Deidre Harrison of SWAHT speaks during the Savannah Unholy Tour
Deidre Harrison of SWAHT speaks during the Savannah Unholy Tour

Better behaved than New Orleans and more demure than Charleston, Savannah takes its place among the great Southern grandes dames as a city of beauty, hospitality, and charm.  Laid out with an engineer’s precision, old Savannah is beautiful in the way of all intricately designed things.  Spanish moss draped live oaks give this historic town a feeling of mystery and a sense of place.  It is a personality unto itself.

Savannah is a city of 136,000 people with a metro area of about 2.5 times that.  It is not a small town, but it is not a big city either.  A port city, Savannah and Chatham County are home to major manufacturers, and the Army’s Fort Stewart is nearby.  Tourism is booming with millions of visitors bringing around $1.5 billion into the local economy each year.

Savannah’s small city status does not make it immune to big city problems, however.  Human trafficking, and the suffering it brings, touches this community too.

In 2013, federal, state, and local authorities dismantled an international sex trafficking ring with roots in Mexico and Central America and operations based out of Savannah.  Operation Dark Night, as the investigation was called, rescued 12 victims and resulted in the convictions of 23 defendants.  The ringleader, Joaquin Mendez-Hernandez, also known as El Flaco, was sentenced to life in prison for exploiting dozens of women.

Members of the sex trafficking ring enticed young women and girls from Mexico and other Latin American countries to come to the United States on the promise of work and prosperity.  What the young women found instead was a life of abuse and slavery.

Organization members forced these women to perform sex acts with as many as 50 men a day.  They were threatened, beaten, and made to go without food and sleep until they met their quotas.  One victim reported being pregnant and lying face down on the floor when a trafficker jumped on her back to force her to have a miscarriage.  Other victims reported being forced to become pregnant by organization members so those children could be used to threaten the women into submission.  Pimps from Florida to North Carolina traded the women amongst themselves like pieces of property.

This was modern day indentured servitude.  The women saw very little of the money they made, if they saw any at all.  They were working off a debt that would never be repaid.  Meanwhile, the ringleader, Mendez-Hernandez, was making enough money to send $1,500 a week to his family back in Mexico.

Operation Dark Night was the largest sex trafficking investigation prosecuted in the Southern District of Georgia.  Multiple organizations at the federal, state, and local level, led by U.S. Immigration and Customs Enforcement’s (ICE) Homeland Security Investigations, cooperated in the investigation.  “It is reprehensible that an international sex trafficking organization set up shop within our very own communities,” stated United States Attorney Edward J. Tarver.  “This organization destroyed the lives of many victims through fear, violence, and intimidation, all for the love of money.  Those responsible will now pay the price in federal prison.”

In addition to sentencing Mendez-Hernandez to life in prison, U.S. District Court Judge B. Avant Edenfield ordered him to pay $705,000 in restitution to the victims.

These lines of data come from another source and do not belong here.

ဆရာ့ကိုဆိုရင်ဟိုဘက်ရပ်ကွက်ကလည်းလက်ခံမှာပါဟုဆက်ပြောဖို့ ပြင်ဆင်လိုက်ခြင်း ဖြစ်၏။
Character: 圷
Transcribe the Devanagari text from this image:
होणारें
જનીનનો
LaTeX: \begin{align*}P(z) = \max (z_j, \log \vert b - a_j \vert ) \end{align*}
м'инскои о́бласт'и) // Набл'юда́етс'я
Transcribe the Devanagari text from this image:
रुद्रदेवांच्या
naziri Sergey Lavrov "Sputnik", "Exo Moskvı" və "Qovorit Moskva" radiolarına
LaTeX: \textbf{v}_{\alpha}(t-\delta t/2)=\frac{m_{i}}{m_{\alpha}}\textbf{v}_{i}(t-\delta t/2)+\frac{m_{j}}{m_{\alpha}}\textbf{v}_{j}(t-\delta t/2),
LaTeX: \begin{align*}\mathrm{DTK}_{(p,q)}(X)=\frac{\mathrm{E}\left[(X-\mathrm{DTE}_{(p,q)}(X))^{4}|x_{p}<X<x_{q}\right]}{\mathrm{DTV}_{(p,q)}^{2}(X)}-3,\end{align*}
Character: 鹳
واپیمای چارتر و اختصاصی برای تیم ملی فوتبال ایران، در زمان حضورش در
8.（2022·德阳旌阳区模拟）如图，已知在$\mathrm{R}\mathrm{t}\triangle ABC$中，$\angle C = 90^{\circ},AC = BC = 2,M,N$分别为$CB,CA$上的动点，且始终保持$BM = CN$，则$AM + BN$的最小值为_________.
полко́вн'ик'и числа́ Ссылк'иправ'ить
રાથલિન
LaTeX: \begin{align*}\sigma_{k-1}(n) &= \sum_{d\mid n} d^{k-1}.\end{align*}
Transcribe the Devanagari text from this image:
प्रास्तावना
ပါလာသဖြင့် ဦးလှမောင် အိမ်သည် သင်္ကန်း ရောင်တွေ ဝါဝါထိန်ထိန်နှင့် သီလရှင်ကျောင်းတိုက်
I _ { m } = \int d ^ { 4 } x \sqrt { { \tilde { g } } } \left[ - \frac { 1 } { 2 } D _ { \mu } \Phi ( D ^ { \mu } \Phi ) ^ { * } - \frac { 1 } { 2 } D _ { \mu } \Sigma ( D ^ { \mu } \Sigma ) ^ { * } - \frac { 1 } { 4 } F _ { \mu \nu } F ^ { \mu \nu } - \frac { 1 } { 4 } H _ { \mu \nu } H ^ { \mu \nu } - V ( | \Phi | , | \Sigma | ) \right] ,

Many consider Operation Dark Night to be a benchmark in the investigating and sentencing of human traffickers.  With all eyes on Atlanta as a known human trafficking hub, many Georgians do not realize that investigations like this one are busting up rings in other areas of the state.

Human trafficking is a statewide problem that requires a statewide solution.  At the heart of that solution are our efforts to help human trafficking victims, like the ones freed in Operation Dark Night, to reintegrate into our communities.

The Georgia Legislature has given voters an opportunity to participate in helping child sex trafficking victims put their lives back together.  The November ballot will ask voters to decide on several amendments to the state constitution.  Amendment 2 on the ballot, the Safe Harbor amendment, will create a fund, and a commission to administer that fund, to help pay for rehabilitation services for domestic minor sex trafficking victims in our state.  Victim service providers will be able to access those funds through grants to help victims of trafficking statewide receive the medical, counseling, and education services they need to reintegrate into their communities.

According to ICE Director John Morton, “ICE investigates a wide array of crimes, but the trafficking of women and girls for prostitution is among the most sinister.  Few crimes so damage their victims and undermine basic human decency.  Our fight against this evil must be relentless, both here and abroad.”

Georgia voters have the opportunity to provide funds to help heal the wounds of trafficking in our youngest victims.  I encourage you to vote yes on Amendment 2 to provide Safe Harbor for the children of Georgia.

The Georgia Commission on Women would like to give special thanks to Public Service Commissioner Tim Echols for hosting an Unholy Tour in the Savannah area.  Events like this shine a light on the fact that human trafficking is not just a big city problem.  It touches communities big and small across our state, and we must all come together to ensure victims get the help they need.

 

Karla Jacobs is the chair of the Georgia Commission on Women and a member of the CJCC Statewide Human Trafficking Task Force.  She lives in Marietta with her husband, two kids, a dog, and some fish.